Not being comfortable in your own skin.

This to me explains a lot of what it's like to have SA during periods when you are NOT panicking and extremely anxious. I'm talking day to day social interactions that you have learned to get by with.



When I was 5 or 6 I couldn't even look other people in the eye. I talked through my parents a lot of the time. The transition into the real world was extremely extremely tough for me and has left me severely depressed and hopeless.



However over the years I have managed to perfect my day to day social interactions to the point where I actually enjoy talking with people in small talk situations. At school or work etc... I even seem like an extrovert wanting to answer questions and show off.

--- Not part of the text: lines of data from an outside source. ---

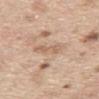{
  "biopsy_status": "not biopsied; imaged during a skin examination",
  "image": {
    "source": "total-body photography crop",
    "field_of_view_mm": 15
  },
  "lighting": "white-light",
  "site": "abdomen",
  "patient": {
    "sex": "male",
    "age_approx": 70
  },
  "lesion_size": {
    "long_diameter_mm_approx": 4.0
  }
}
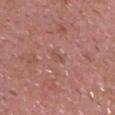biopsy_status: not biopsied; imaged during a skin examination
lighting: white-light
site: head or neck
image:
  source: total-body photography crop
  field_of_view_mm: 15
patient:
  sex: male
  age_approx: 60
lesion_size:
  long_diameter_mm_approx: 2.5
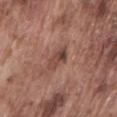Q: Was a biopsy performed?
A: imaged on a skin check; not biopsied
Q: What is the anatomic site?
A: the lower back
Q: What are the patient's age and sex?
A: male, roughly 75 years of age
Q: How was this image acquired?
A: 15 mm crop, total-body photography
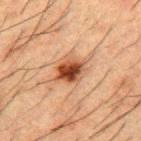Impression: Imaged during a routine full-body skin examination; the lesion was not biopsied and no histopathology is available. Context: Located on the mid back. A male patient, about 50 years old. An algorithmic analysis of the crop reported an area of roughly 9 mm² and a shape eccentricity near 0.55. It also reported roughly 14 lightness units darker than nearby skin and a normalized border contrast of about 11. A region of skin cropped from a whole-body photographic capture, roughly 15 mm wide. This is a cross-polarized tile. Approximately 3.5 mm at its widest.
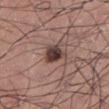<record>
<site>leg</site>
<image>
  <source>total-body photography crop</source>
  <field_of_view_mm>15</field_of_view_mm>
</image>
<lesion_size>
  <long_diameter_mm_approx>3.5</long_diameter_mm_approx>
</lesion_size>
<lighting>white-light</lighting>
<patient>
  <sex>male</sex>
  <age_approx>25</age_approx>
</patient>
<automated_metrics>
  <cielab_L>38</cielab_L>
  <cielab_a>18</cielab_a>
  <cielab_b>20</cielab_b>
  <vs_skin_darker_L>16.0</vs_skin_darker_L>
  <vs_skin_contrast_norm>12.5</vs_skin_contrast_norm>
  <border_irregularity_0_10>3.0</border_irregularity_0_10>
  <color_variation_0_10>5.0</color_variation_0_10>
  <peripheral_color_asymmetry>1.5</peripheral_color_asymmetry>
  <nevus_likeness_0_100>85</nevus_likeness_0_100>
  <lesion_detection_confidence_0_100>100</lesion_detection_confidence_0_100>
</automated_metrics>
</record>
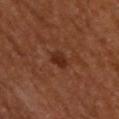{
  "biopsy_status": "not biopsied; imaged during a skin examination",
  "site": "upper back",
  "patient": {
    "sex": "male",
    "age_approx": 65
  },
  "lesion_size": {
    "long_diameter_mm_approx": 2.5
  },
  "lighting": "cross-polarized",
  "image": {
    "source": "total-body photography crop",
    "field_of_view_mm": 15
  }
}
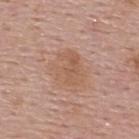Clinical impression: No biopsy was performed on this lesion — it was imaged during a full skin examination and was not determined to be concerning. Image and clinical context: From the upper back. A 15 mm crop from a total-body photograph taken for skin-cancer surveillance. Imaged with white-light lighting. The patient is a male in their mid- to late 50s. The lesion-visualizer software estimated about 6 CIELAB-L* units darker than the surrounding skin and a lesion-to-skin contrast of about 5.5 (normalized; higher = more distinct). It also reported a detector confidence of about 100 out of 100 that the crop contains a lesion. Longest diameter approximately 4 mm.
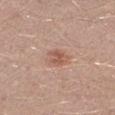{"biopsy_status": "not biopsied; imaged during a skin examination", "image": {"source": "total-body photography crop", "field_of_view_mm": 15}, "patient": {"sex": "male", "age_approx": 30}, "site": "left lower leg", "lighting": "white-light", "lesion_size": {"long_diameter_mm_approx": 2.5}}
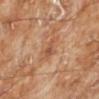Cropped from a whole-body photographic skin survey; the tile spans about 15 mm.
Located on the left lower leg.
The subject is a male aged around 70.
This is a cross-polarized tile.
Longest diameter approximately 2.5 mm.
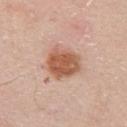Findings:
* follow-up: imaged on a skin check; not biopsied
* patient: male, in their 60s
* image source: ~15 mm tile from a whole-body skin photo
* site: the chest
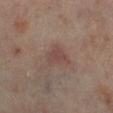Recorded during total-body skin imaging; not selected for excision or biopsy.
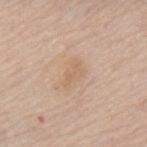Clinical impression:
Captured during whole-body skin photography for melanoma surveillance; the lesion was not biopsied.
Context:
An algorithmic analysis of the crop reported a lesion color around L≈63 a*≈16 b*≈32 in CIELAB, roughly 6 lightness units darker than nearby skin, and a normalized border contrast of about 4.5. The software also gave border irregularity of about 4 on a 0–10 scale, a within-lesion color-variation index near 1.5/10, and peripheral color asymmetry of about 0.5. The analysis additionally found an automated nevus-likeness rating near 0 out of 100. The recorded lesion diameter is about 3.5 mm. Captured under white-light illumination. A male patient aged 83 or older. This image is a 15 mm lesion crop taken from a total-body photograph. On the mid back.
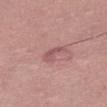Clinical impression: The lesion was photographed on a routine skin check and not biopsied; there is no pathology result. Context: Automated image analysis of the tile measured an area of roughly 3.5 mm². The software also gave border irregularity of about 5 on a 0–10 scale, a color-variation rating of about 0.5/10, and peripheral color asymmetry of about 0. Cropped from a whole-body photographic skin survey; the tile spans about 15 mm. Captured under white-light illumination. About 3 mm across. A male patient, aged around 60. From the right thigh.
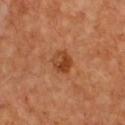{"biopsy_status": "not biopsied; imaged during a skin examination", "lighting": "cross-polarized", "image": {"source": "total-body photography crop", "field_of_view_mm": 15}, "patient": {"sex": "female", "age_approx": 50}, "lesion_size": {"long_diameter_mm_approx": 3.0}, "automated_metrics": {"cielab_L": 42, "cielab_a": 26, "cielab_b": 37, "vs_skin_darker_L": 10.0, "vs_skin_contrast_norm": 8.0}, "site": "chest"}
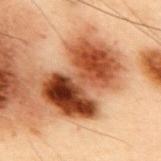| key | value |
|---|---|
| workup | imaged on a skin check; not biopsied |
| patient | male, aged approximately 55 |
| lesion size | about 7.5 mm |
| illumination | cross-polarized |
| imaging modality | total-body-photography crop, ~15 mm field of view |
| body site | the mid back |
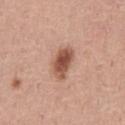  biopsy_status: not biopsied; imaged during a skin examination
  patient:
    sex: male
    age_approx: 55
  lighting: white-light
  automated_metrics:
    area_mm2_approx: 7.5
    eccentricity: 0.8
    shape_asymmetry: 0.2
  image:
    source: total-body photography crop
    field_of_view_mm: 15
  lesion_size:
    long_diameter_mm_approx: 4.0
  site: chest
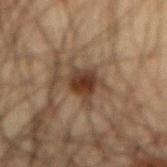• workup — total-body-photography surveillance lesion; no biopsy
• anatomic site — the abdomen
• image — ~15 mm tile from a whole-body skin photo
• size — ≈4 mm
• subject — male, approximately 65 years of age
• automated metrics — roughly 11 lightness units darker than nearby skin and a normalized lesion–skin contrast near 10.5; border irregularity of about 3.5 on a 0–10 scale, a within-lesion color-variation index near 3.5/10, and radial color variation of about 1
• lighting — cross-polarized
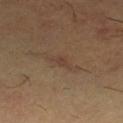Recorded during total-body skin imaging; not selected for excision or biopsy.
A lesion tile, about 15 mm wide, cut from a 3D total-body photograph.
Captured under cross-polarized illumination.
Longest diameter approximately 3 mm.
A male patient aged approximately 60.
Located on the left thigh.
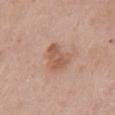<tbp_lesion>
  <biopsy_status>not biopsied; imaged during a skin examination</biopsy_status>
  <image>
    <source>total-body photography crop</source>
    <field_of_view_mm>15</field_of_view_mm>
  </image>
  <lesion_size>
    <long_diameter_mm_approx>4.0</long_diameter_mm_approx>
  </lesion_size>
  <site>chest</site>
  <lighting>white-light</lighting>
  <patient>
    <sex>female</sex>
    <age_approx>65</age_approx>
  </patient>
</tbp_lesion>
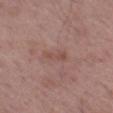site: left thigh
lighting: white-light
lesion_size:
  long_diameter_mm_approx: 3.0
patient:
  sex: male
  age_approx: 50
image:
  source: total-body photography crop
  field_of_view_mm: 15
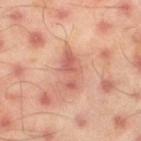{
  "biopsy_status": "not biopsied; imaged during a skin examination",
  "image": {
    "source": "total-body photography crop",
    "field_of_view_mm": 15
  },
  "site": "left thigh",
  "lighting": "cross-polarized",
  "automated_metrics": {
    "area_mm2_approx": 7.5,
    "eccentricity": 0.9
  },
  "lesion_size": {
    "long_diameter_mm_approx": 4.5
  },
  "patient": {
    "sex": "male",
    "age_approx": 45
  }
}
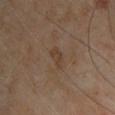| field | value |
|---|---|
| biopsy status | imaged on a skin check; not biopsied |
| diameter | about 3 mm |
| anatomic site | the chest |
| image source | total-body-photography crop, ~15 mm field of view |
| patient | male, roughly 65 years of age |
| automated lesion analysis | a lesion area of about 3.5 mm², an outline eccentricity of about 0.85 (0 = round, 1 = elongated), and two-axis asymmetry of about 0.3 |
| lighting | cross-polarized |
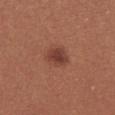This lesion was catalogued during total-body skin photography and was not selected for biopsy. A 15 mm crop from a total-body photograph taken for skin-cancer surveillance. A female patient, approximately 25 years of age. Captured under white-light illumination. Located on the abdomen.
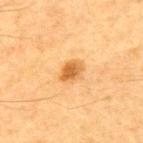Impression: The lesion was photographed on a routine skin check and not biopsied; there is no pathology result. Image and clinical context: A male subject, aged 63 to 67. About 2.5 mm across. A lesion tile, about 15 mm wide, cut from a 3D total-body photograph. On the upper back. Automated image analysis of the tile measured an area of roughly 4.5 mm², an outline eccentricity of about 0.65 (0 = round, 1 = elongated), and two-axis asymmetry of about 0.15. The software also gave a lesion color around L≈53 a*≈22 b*≈42 in CIELAB, about 11 CIELAB-L* units darker than the surrounding skin, and a lesion-to-skin contrast of about 8 (normalized; higher = more distinct). The tile uses cross-polarized illumination.
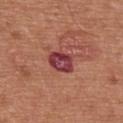| feature | finding |
|---|---|
| notes | total-body-photography surveillance lesion; no biopsy |
| illumination | white-light illumination |
| lesion diameter | about 3.5 mm |
| automated lesion analysis | an area of roughly 7.5 mm², an eccentricity of roughly 0.55, and a symmetry-axis asymmetry near 0.2; a mean CIELAB color near L≈41 a*≈32 b*≈22, about 13 CIELAB-L* units darker than the surrounding skin, and a lesion-to-skin contrast of about 11 (normalized; higher = more distinct); a nevus-likeness score of about 0/100 and a detector confidence of about 100 out of 100 that the crop contains a lesion |
| patient | male, aged around 65 |
| site | the back |
| image source | ~15 mm crop, total-body skin-cancer survey |
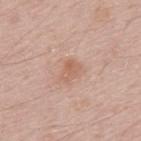  biopsy_status: not biopsied; imaged during a skin examination
  image:
    source: total-body photography crop
    field_of_view_mm: 15
  lighting: white-light
  patient:
    sex: male
    age_approx: 50
  site: mid back
  automated_metrics:
    area_mm2_approx: 3.5
    eccentricity: 0.75
    shape_asymmetry: 0.3
    vs_skin_darker_L: 7.0
    border_irregularity_0_10: 2.5
    color_variation_0_10: 2.0
    peripheral_color_asymmetry: 0.5
    lesion_detection_confidence_0_100: 100
  lesion_size:
    long_diameter_mm_approx: 2.5
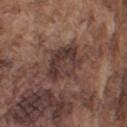<tbp_lesion>
<biopsy_status>not biopsied; imaged during a skin examination</biopsy_status>
<image>
  <source>total-body photography crop</source>
  <field_of_view_mm>15</field_of_view_mm>
</image>
<patient>
  <sex>male</sex>
  <age_approx>75</age_approx>
</patient>
<site>left upper arm</site>
</tbp_lesion>
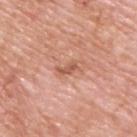{
  "biopsy_status": "not biopsied; imaged during a skin examination",
  "image": {
    "source": "total-body photography crop",
    "field_of_view_mm": 15
  },
  "lighting": "white-light",
  "patient": {
    "sex": "male",
    "age_approx": 60
  },
  "automated_metrics": {
    "cielab_L": 57,
    "cielab_a": 25,
    "cielab_b": 32,
    "vs_skin_darker_L": 9.0,
    "vs_skin_contrast_norm": 6.5
  },
  "site": "upper back"
}

But it's largely a show and I'm never really comfortable in my own skin. It takes more energy for me to interact socially, even if I enjoy it, and I get quickly exhausted. And let's not even talk about situations that aren't small talk. Relationships, or public speaking I just don't do. I am terrified of presentations and the like too.



I never feel completely relaxed out in the real world with people and feel like I'm always in 1st gear reving away like mad to just do things that other people cruise along smoothly in 5th gear with ease. Sorry for the bad analogy.



I don't see how I'm going to manage to live life like this. It takes too much effort and I'm too exhausted by it all emotionally.



Anyone else feel this way about their SA?